Task item: Say how many lines of these entries include the word "Change", and answer with the number alone.

*** Opening Material shown ***

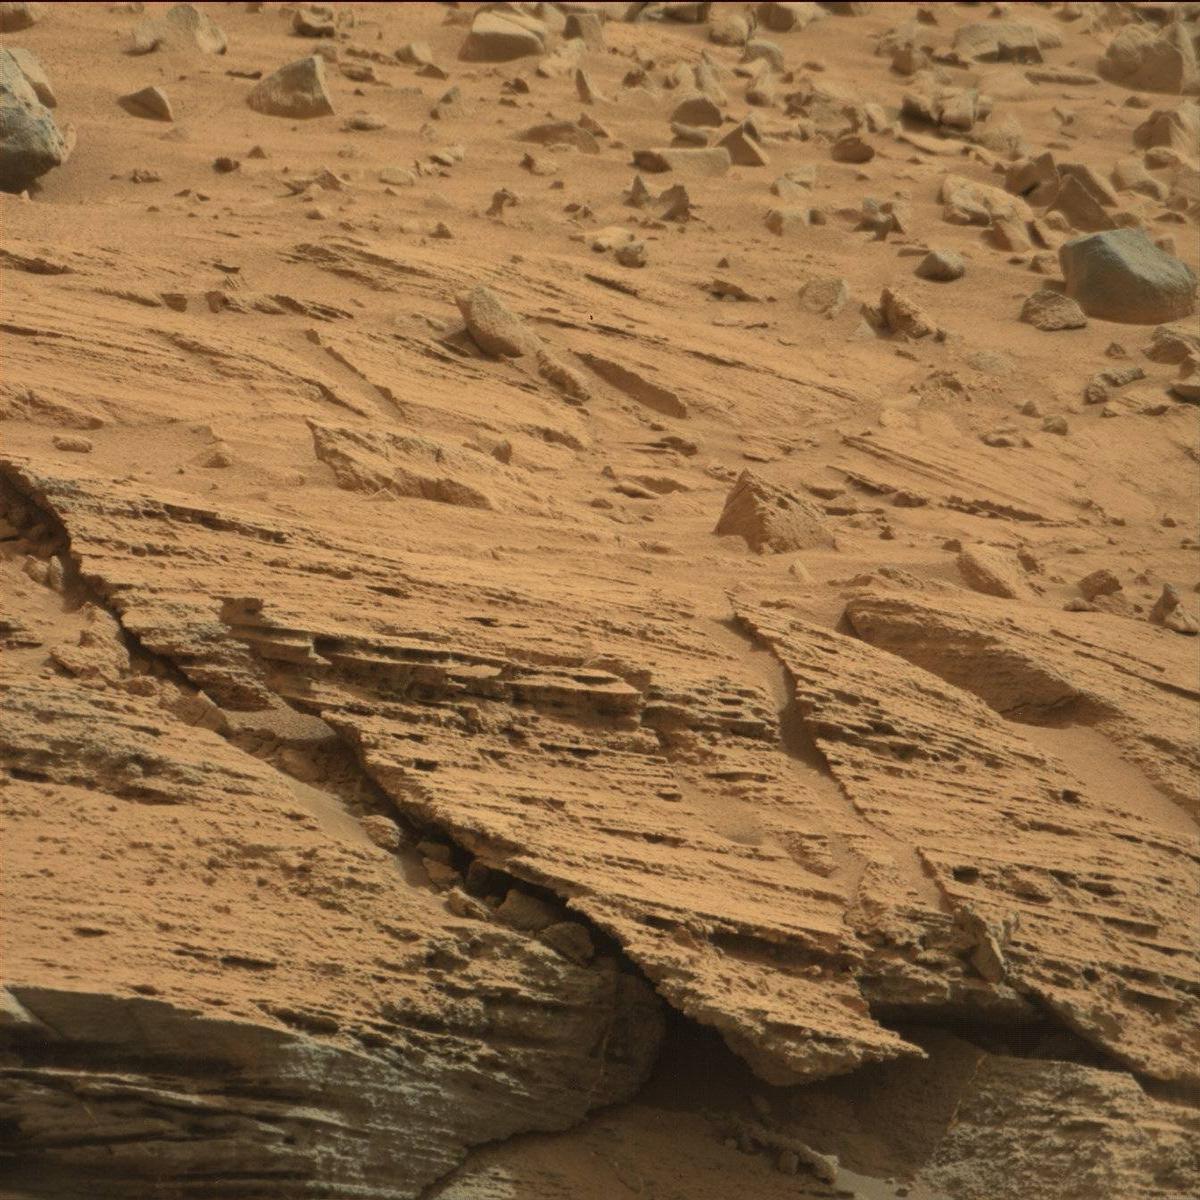
Terrain classes present: Bedrock, Sand / Soil
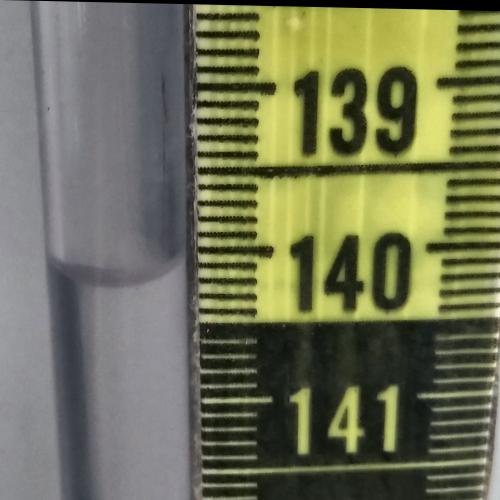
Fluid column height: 140.2 cm
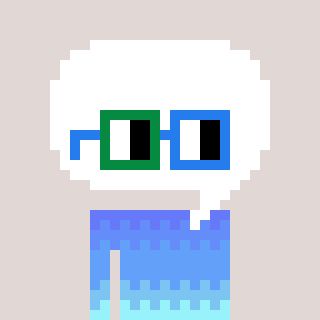
a pixel art character with square green and blue glasses, a speech bubble-shaped head and a green-colored body on a warm background
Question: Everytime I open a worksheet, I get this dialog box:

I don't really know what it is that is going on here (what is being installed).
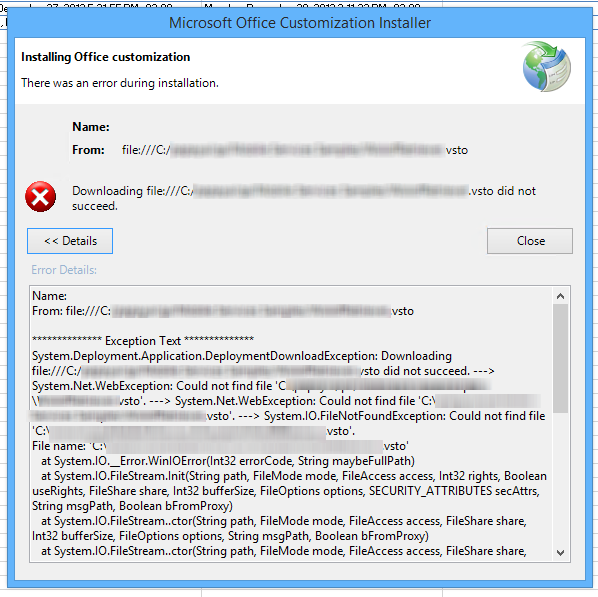
Answer: To inactivate an Excel add-in
'''
Click the File tab, click Options, and then click the Add-Ins category.
In the Manage box, click Excel Add-ins, and then click Go.
In the Add-Ins available box, clear the check box next to the add-in that you want to inactivate, and then click OK.
'''
In many cases, when you inactivate an add-in, it is removed from its group on the ribbon. In other cases, to remove the add-in from the ribbon, you may need to restart Excel.
Note Inactivating an add-in does not remove the add-in from your computer. To remove the add-in from your computer, you must uninstall it.
To remove an Excel add-in
Important If you originally installed the Excel add-in from a network file server or from a shared folder, you might need to remove the add-in from that location. If you installed the Excel add-in from a CD-ROM and you mapped your CD-ROM drive to a new drive letter after installing the add-in, you need to reinstall the add-in from the CD-ROM. If you are running any Excel add-ins from the CD-ROM, you must uninstall the Excel add-ins, and then reinstall them from the CD-ROM.
'''
Exit Excel (click the File tab, and then click Exit).
In Windows Vista, click the Start button Button image, click Control Panel, click Programs, and then click Programs and Features.
'''
In Microsoft Windows XP, click the click the Start button, click Control Panel, and then double-click Add/Remove Programs.
'''
Do one of the following:
If you installed Excel as part of Microsoft Office, click Microsoft Office in the list of installed programs, and then click the Change button.
If you installed Excel individually, click the name of your program in the list of installed programs, and then click the Change button.
If you installed the add-in from the Download Center at Office.com, click the name of your program in the list of installed programs, and then click the Uninstall button.
Follow the instructions in the installation program.
'''
Go to this link for more details <URL>
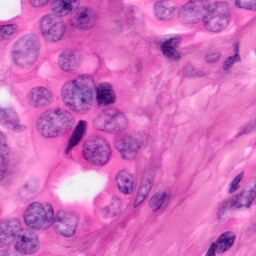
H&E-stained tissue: Pancreatic
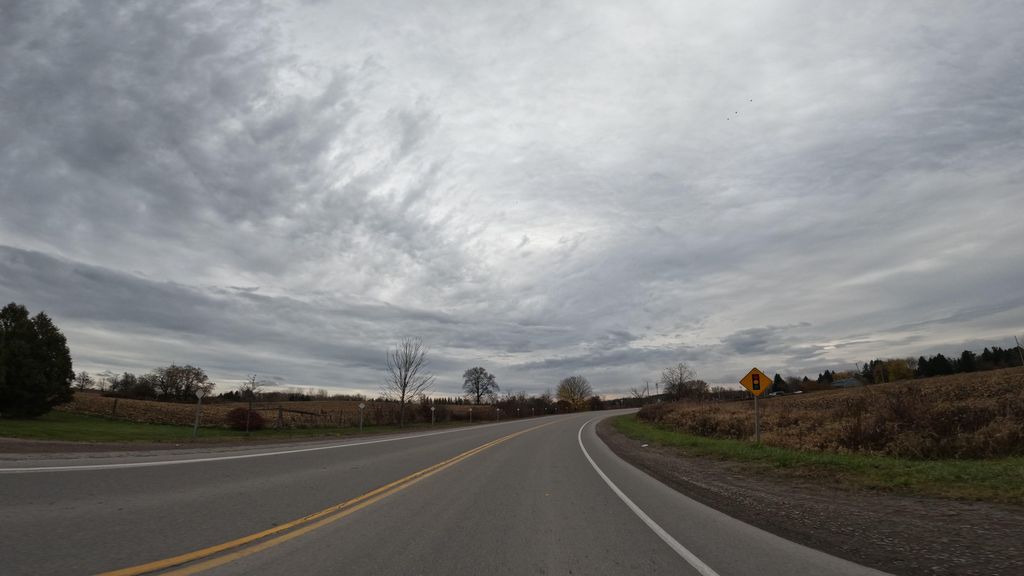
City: hamilton

*** Closing Material shown ***

Answer space: 2